THE PROBLEM. The records below are to be reproduced exactly, and no picture should appear in the copy.

(Items from a data source)
#####
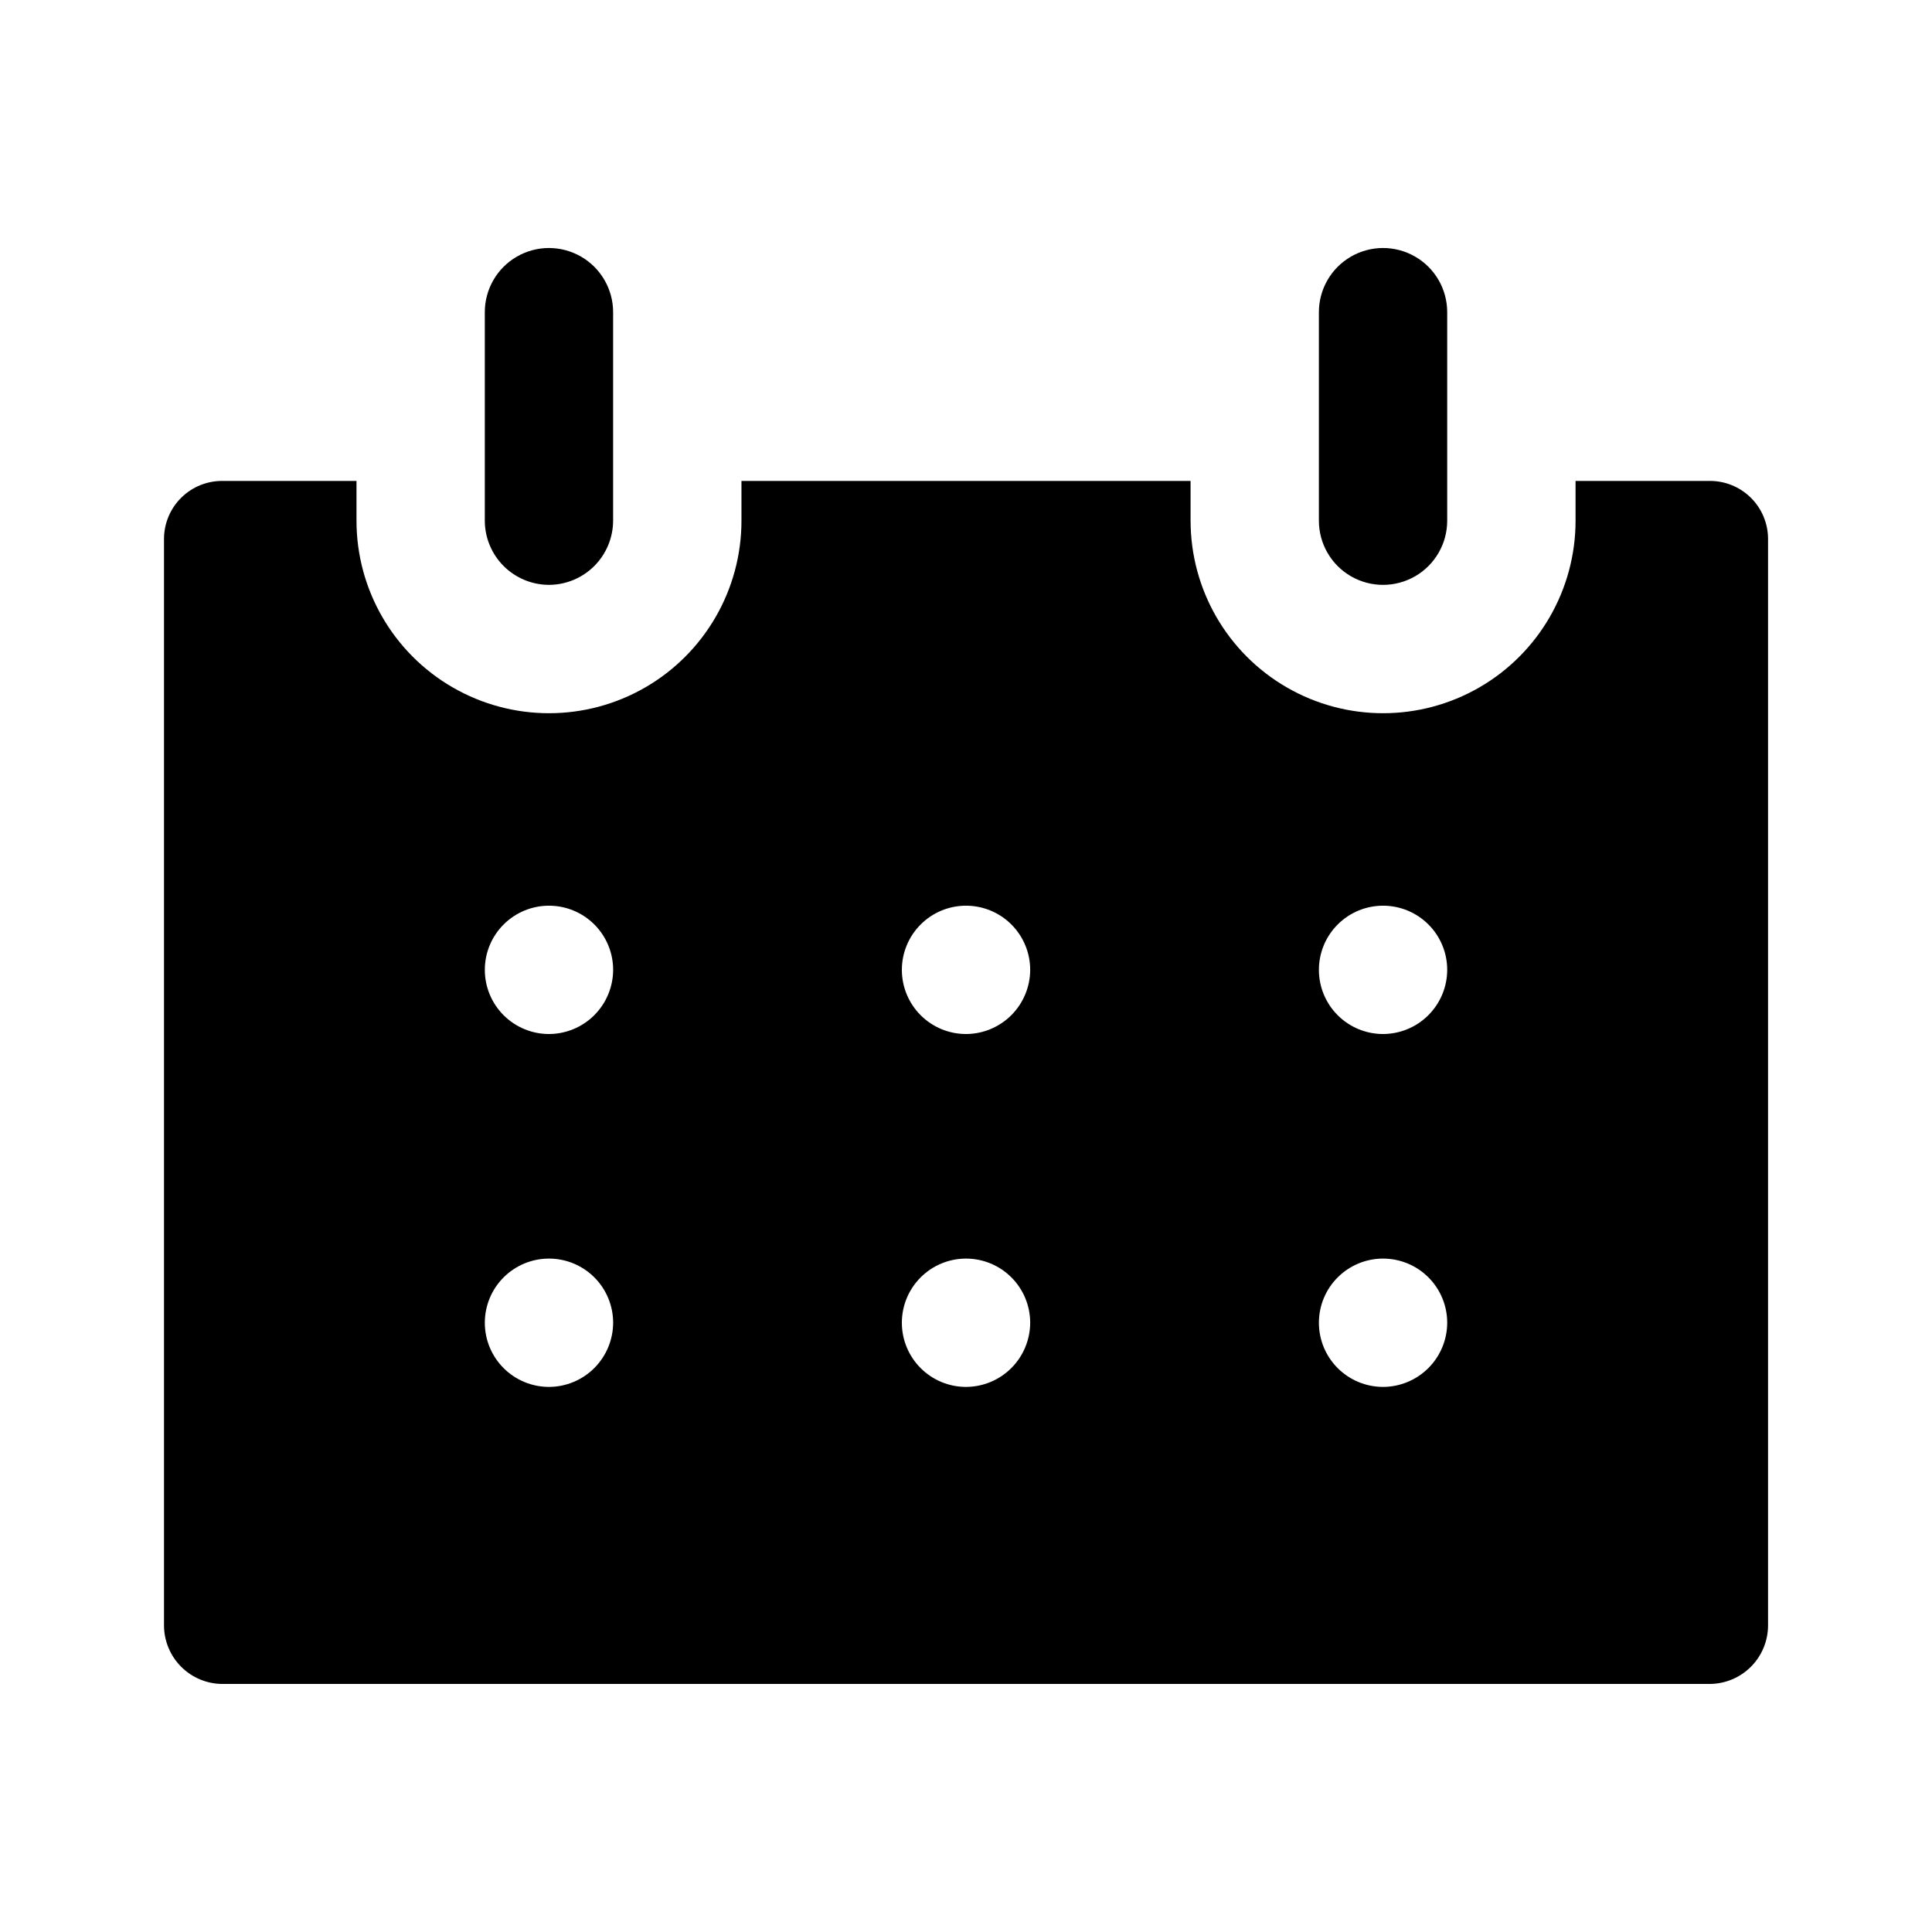 <?xml version="1.0" encoding="UTF-8"?>
<!-- Uploaded to: SVG Repo, www.svgrepo.com, Generator: SVG Repo Mixer Tools -->
<svg fill="#000000" width="800px" height="800px" version="1.1" viewBox="144 144 512 512" xmlns="http://www.w3.org/2000/svg">
 <path d="m493.52 281.99v-55.262c0-6.074 3.238-11.688 8.5-14.723 5.262-3.039 11.742-3.039 17.004 0 5.262 3.035 8.5 8.648 8.5 14.723v55.262c0 6.078-3.238 11.691-8.5 14.727-5.262 3.039-11.742 3.039-17.004 0-5.262-3.035-8.5-8.648-8.5-14.727zm-204.04 17.004c4.504-0.012 8.82-1.809 12.008-4.992 3.184-3.188 4.981-7.504 4.996-12.012v-55.262c0-6.074-3.242-11.688-8.504-14.723-5.262-3.039-11.742-3.039-17.004 0-5.262 3.035-8.5 8.648-8.5 14.723v55.262c0.012 4.508 1.809 8.824 4.992 12.012 3.188 3.184 7.504 4.981 12.012 4.992zm323.07-12.242v288.04c-0.016 4.098-1.648 8.023-4.547 10.922-2.898 2.898-6.828 4.535-10.926 4.551h-394.14c-4.098-0.016-8.023-1.652-10.922-4.551-2.898-2.898-4.535-6.824-4.551-10.922v-288.04c0.023-4.082 1.664-7.984 4.566-10.855 2.902-2.871 6.824-4.469 10.906-4.445h35.539v10.547c0 18.223 9.723 35.062 25.504 44.176 15.785 9.113 35.23 9.113 51.012 0s25.504-25.953 25.504-44.176v-10.547h119.02v10.547h0.004c0 18.223 9.723 35.062 25.504 44.176 15.785 9.113 35.23 9.113 51.012 0s25.504-25.953 25.504-44.176v-10.547h35.539c4.082-0.023 8.004 1.574 10.906 4.445 2.902 2.871 4.547 6.773 4.566 10.855zm-306.06 207.79c0-4.512-1.793-8.836-4.981-12.023-3.191-3.188-7.516-4.981-12.023-4.981-4.512 0-8.836 1.793-12.023 4.981-3.191 3.188-4.981 7.512-4.981 12.023 0 4.508 1.789 8.832 4.981 12.023 3.188 3.188 7.512 4.981 12.023 4.981 4.504-0.016 8.82-1.809 12.008-4.996 3.184-3.188 4.981-7.504 4.996-12.008zm0-93.52c0-4.512-1.793-8.836-4.981-12.023-3.191-3.191-7.516-4.981-12.023-4.981-4.512 0-8.836 1.789-12.023 4.981-3.191 3.188-4.981 7.512-4.981 12.023 0 4.508 1.789 8.832 4.981 12.023 3.188 3.188 7.512 4.981 12.023 4.981 4.504-0.016 8.82-1.809 12.008-4.996 3.184-3.188 4.981-7.504 4.996-12.008zm110.52 93.52c0-4.512-1.793-8.836-4.981-12.023-3.191-3.188-7.516-4.981-12.023-4.981-4.512 0-8.836 1.793-12.023 4.981-3.191 3.188-4.981 7.512-4.981 12.023 0 4.508 1.789 8.832 4.981 12.023 3.188 3.188 7.512 4.981 12.023 4.981 4.504-0.016 8.82-1.809 12.008-4.996 3.184-3.188 4.981-7.504 4.996-12.008zm0-93.52c0-4.512-1.793-8.836-4.981-12.023-3.191-3.191-7.516-4.981-12.023-4.981-4.512 0-8.836 1.789-12.023 4.981-3.191 3.188-4.981 7.512-4.981 12.023 0 4.508 1.789 8.832 4.981 12.023 3.188 3.188 7.512 4.981 12.023 4.981 4.504-0.016 8.82-1.809 12.008-4.996 3.184-3.188 4.981-7.504 4.996-12.008zm110.52 93.52h-0.004c0-4.512-1.789-8.836-4.977-12.023-3.191-3.188-7.516-4.981-12.023-4.981-4.512 0-8.836 1.793-12.023 4.981-3.191 3.188-4.981 7.512-4.981 12.023 0 4.508 1.789 8.832 4.981 12.023 3.188 3.188 7.512 4.981 12.023 4.981 4.504-0.016 8.82-1.809 12.008-4.996 3.184-3.188 4.981-7.504 4.992-12.008zm0-93.52h-0.004c0-4.512-1.789-8.836-4.977-12.023-3.191-3.191-7.516-4.981-12.023-4.981-4.512 0-8.836 1.789-12.023 4.981-3.191 3.188-4.981 7.512-4.981 12.023 0 4.508 1.789 8.832 4.981 12.023 3.188 3.188 7.512 4.981 12.023 4.981 4.504-0.016 8.82-1.809 12.008-4.996 3.184-3.188 4.981-7.504 4.992-12.008z"/>
</svg>
#####
RESULT OF THIS TASK.
 <?xml version="1.0" encoding="UTF-8"?>
<!-- Uploaded to: SVG Repo, www.svgrepo.com, Generator: SVG Repo Mixer Tools -->
<svg fill="#000000" width="800px" height="800px" version="1.1" viewBox="144 144 512 512" xmlns="http://www.w3.org/2000/svg">
 <path d="m493.52 281.99v-55.262c0-6.074 3.238-11.688 8.5-14.723 5.262-3.039 11.742-3.039 17.004 0 5.262 3.035 8.5 8.648 8.5 14.723v55.262c0 6.078-3.238 11.691-8.5 14.727-5.262 3.039-11.742 3.039-17.004 0-5.262-3.035-8.5-8.648-8.5-14.727zm-204.04 17.004c4.504-0.012 8.82-1.809 12.008-4.992 3.184-3.188 4.981-7.504 4.996-12.012v-55.262c0-6.074-3.242-11.688-8.504-14.723-5.262-3.039-11.742-3.039-17.004 0-5.262 3.035-8.5 8.648-8.5 14.723v55.262c0.012 4.508 1.809 8.824 4.992 12.012 3.188 3.184 7.504 4.981 12.012 4.992zm323.07-12.242v288.04c-0.016 4.098-1.648 8.023-4.547 10.922-2.898 2.898-6.828 4.535-10.926 4.551h-394.14c-4.098-0.016-8.023-1.652-10.922-4.551-2.898-2.898-4.535-6.824-4.551-10.922v-288.04c0.023-4.082 1.664-7.984 4.566-10.855 2.902-2.871 6.824-4.469 10.906-4.445h35.539v10.547c0 18.223 9.723 35.062 25.504 44.176 15.785 9.113 35.23 9.113 51.012 0s25.504-25.953 25.504-44.176v-10.547h119.02v10.547h0.004c0 18.223 9.723 35.062 25.504 44.176 15.785 9.113 35.23 9.113 51.012 0s25.504-25.953 25.504-44.176v-10.547h35.539c4.082-0.023 8.004 1.574 10.906 4.445 2.902 2.871 4.547 6.773 4.566 10.855zm-306.06 207.79c0-4.512-1.793-8.836-4.981-12.023-3.191-3.188-7.516-4.981-12.023-4.981-4.512 0-8.836 1.793-12.023 4.981-3.191 3.188-4.981 7.512-4.981 12.023 0 4.508 1.789 8.832 4.981 12.023 3.188 3.188 7.512 4.981 12.023 4.981 4.504-0.016 8.82-1.809 12.008-4.996 3.184-3.188 4.981-7.504 4.996-12.008zm0-93.52c0-4.512-1.793-8.836-4.981-12.023-3.191-3.191-7.516-4.981-12.023-4.981-4.512 0-8.836 1.789-12.023 4.981-3.191 3.188-4.981 7.512-4.981 12.023 0 4.508 1.789 8.832 4.981 12.023 3.188 3.188 7.512 4.981 12.023 4.981 4.504-0.016 8.82-1.809 12.008-4.996 3.184-3.188 4.981-7.504 4.996-12.008zm110.52 93.52c0-4.512-1.793-8.836-4.981-12.023-3.191-3.188-7.516-4.981-12.023-4.981-4.512 0-8.836 1.793-12.023 4.981-3.191 3.188-4.981 7.512-4.981 12.023 0 4.508 1.789 8.832 4.981 12.023 3.188 3.188 7.512 4.981 12.023 4.981 4.504-0.016 8.82-1.809 12.008-4.996 3.184-3.188 4.981-7.504 4.996-12.008zm0-93.52c0-4.512-1.793-8.836-4.981-12.023-3.191-3.191-7.516-4.981-12.023-4.981-4.512 0-8.836 1.789-12.023 4.981-3.191 3.188-4.981 7.512-4.981 12.023 0 4.508 1.789 8.832 4.981 12.023 3.188 3.188 7.512 4.981 12.023 4.981 4.504-0.016 8.82-1.809 12.008-4.996 3.184-3.188 4.981-7.504 4.996-12.008zm110.52 93.52h-0.004c0-4.512-1.789-8.836-4.977-12.023-3.191-3.188-7.516-4.981-12.023-4.981-4.512 0-8.836 1.793-12.023 4.981-3.191 3.188-4.981 7.512-4.981 12.023 0 4.508 1.789 8.832 4.981 12.023 3.188 3.188 7.512 4.981 12.023 4.981 4.504-0.016 8.82-1.809 12.008-4.996 3.184-3.188 4.981-7.504 4.992-12.008zm0-93.52h-0.004c0-4.512-1.789-8.836-4.977-12.023-3.191-3.191-7.516-4.981-12.023-4.981-4.512 0-8.836 1.789-12.023 4.981-3.191 3.188-4.981 7.512-4.981 12.023 0 4.508 1.789 8.832 4.981 12.023 3.188 3.188 7.512 4.981 12.023 4.981 4.504-0.016 8.82-1.809 12.008-4.996 3.184-3.188 4.981-7.504 4.992-12.008z"/>
</svg>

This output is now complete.